Stored items from a collection:

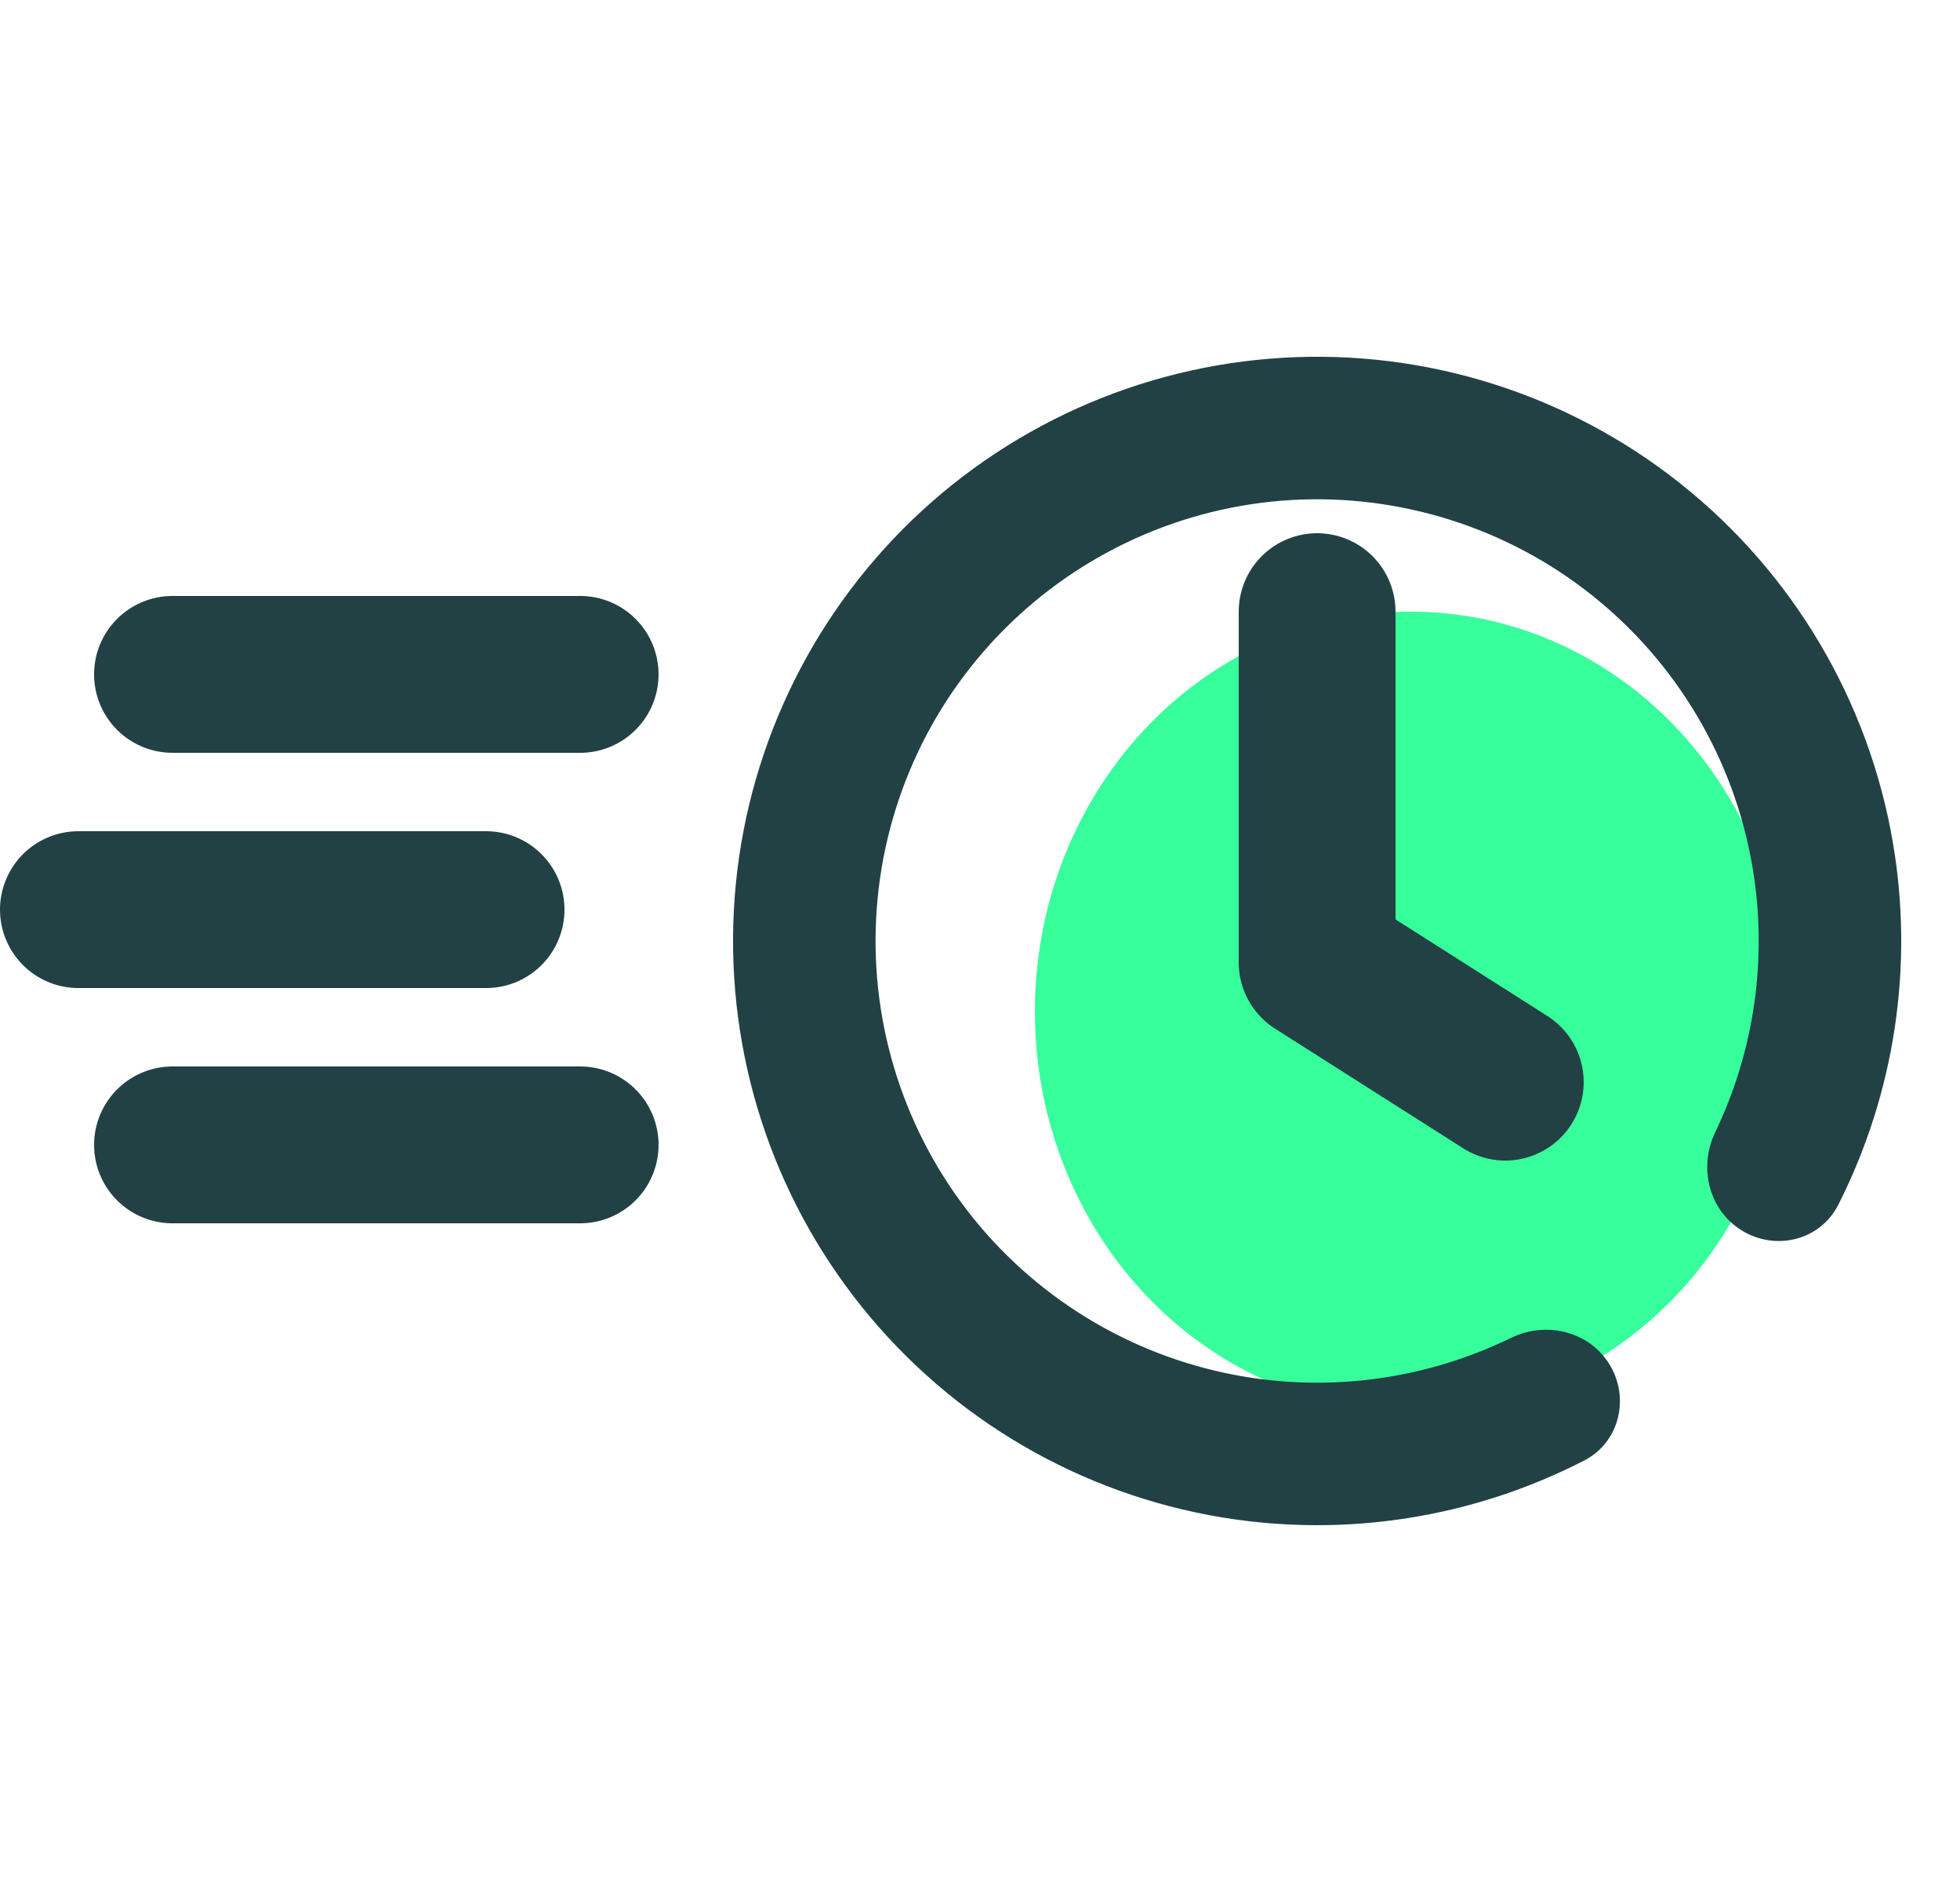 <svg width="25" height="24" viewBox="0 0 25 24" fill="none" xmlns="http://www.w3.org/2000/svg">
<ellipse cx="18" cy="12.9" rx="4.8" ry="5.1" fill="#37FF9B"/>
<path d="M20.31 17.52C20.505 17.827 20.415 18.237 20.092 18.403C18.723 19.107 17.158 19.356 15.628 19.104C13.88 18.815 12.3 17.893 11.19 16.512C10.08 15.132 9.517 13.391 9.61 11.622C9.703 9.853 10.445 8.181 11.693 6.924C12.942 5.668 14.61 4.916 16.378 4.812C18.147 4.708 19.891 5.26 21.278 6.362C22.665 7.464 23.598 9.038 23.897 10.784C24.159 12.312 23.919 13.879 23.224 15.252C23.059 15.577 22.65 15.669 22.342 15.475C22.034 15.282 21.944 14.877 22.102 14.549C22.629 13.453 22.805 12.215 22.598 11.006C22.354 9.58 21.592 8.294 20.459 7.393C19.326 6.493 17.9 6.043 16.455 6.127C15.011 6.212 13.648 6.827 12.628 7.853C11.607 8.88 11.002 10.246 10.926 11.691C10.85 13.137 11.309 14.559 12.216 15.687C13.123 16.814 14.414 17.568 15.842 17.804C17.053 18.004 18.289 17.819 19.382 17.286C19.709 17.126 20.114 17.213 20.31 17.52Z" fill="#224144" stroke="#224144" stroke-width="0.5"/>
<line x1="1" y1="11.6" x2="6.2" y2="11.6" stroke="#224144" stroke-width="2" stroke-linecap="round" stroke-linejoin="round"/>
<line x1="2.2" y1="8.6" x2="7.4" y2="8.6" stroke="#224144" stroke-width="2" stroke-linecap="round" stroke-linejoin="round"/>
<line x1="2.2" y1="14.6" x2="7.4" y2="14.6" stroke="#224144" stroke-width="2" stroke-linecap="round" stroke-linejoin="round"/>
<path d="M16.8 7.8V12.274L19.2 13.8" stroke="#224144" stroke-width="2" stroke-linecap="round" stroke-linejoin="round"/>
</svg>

Task directions
Could the entries be output exactly as written, but without their images?

Exercise answer
 <svg width="25" height="24" viewBox="0 0 25 24" fill="none" xmlns="http://www.w3.org/2000/svg">
<ellipse cx="18" cy="12.9" rx="4.8" ry="5.1" fill="#37FF9B"/>
<path d="M20.31 17.52C20.505 17.827 20.415 18.237 20.092 18.403C18.723 19.107 17.158 19.356 15.628 19.104C13.88 18.815 12.3 17.893 11.19 16.512C10.08 15.132 9.517 13.391 9.61 11.622C9.703 9.853 10.445 8.181 11.693 6.924C12.942 5.668 14.61 4.916 16.378 4.812C18.147 4.708 19.891 5.26 21.278 6.362C22.665 7.464 23.598 9.038 23.897 10.784C24.159 12.312 23.919 13.879 23.224 15.252C23.059 15.577 22.65 15.669 22.342 15.475C22.034 15.282 21.944 14.877 22.102 14.549C22.629 13.453 22.805 12.215 22.598 11.006C22.354 9.58 21.592 8.294 20.459 7.393C19.326 6.493 17.9 6.043 16.455 6.127C15.011 6.212 13.648 6.827 12.628 7.853C11.607 8.88 11.002 10.246 10.926 11.691C10.85 13.137 11.309 14.559 12.216 15.687C13.123 16.814 14.414 17.568 15.842 17.804C17.053 18.004 18.289 17.819 19.382 17.286C19.709 17.126 20.114 17.213 20.31 17.52Z" fill="#224144" stroke="#224144" stroke-width="0.5"/>
<line x1="1" y1="11.6" x2="6.2" y2="11.6" stroke="#224144" stroke-width="2" stroke-linecap="round" stroke-linejoin="round"/>
<line x1="2.2" y1="8.6" x2="7.4" y2="8.6" stroke="#224144" stroke-width="2" stroke-linecap="round" stroke-linejoin="round"/>
<line x1="2.2" y1="14.6" x2="7.4" y2="14.6" stroke="#224144" stroke-width="2" stroke-linecap="round" stroke-linejoin="round"/>
<path d="M16.8 7.8V12.274L19.2 13.8" stroke="#224144" stroke-width="2" stroke-linecap="round" stroke-linejoin="round"/>
</svg>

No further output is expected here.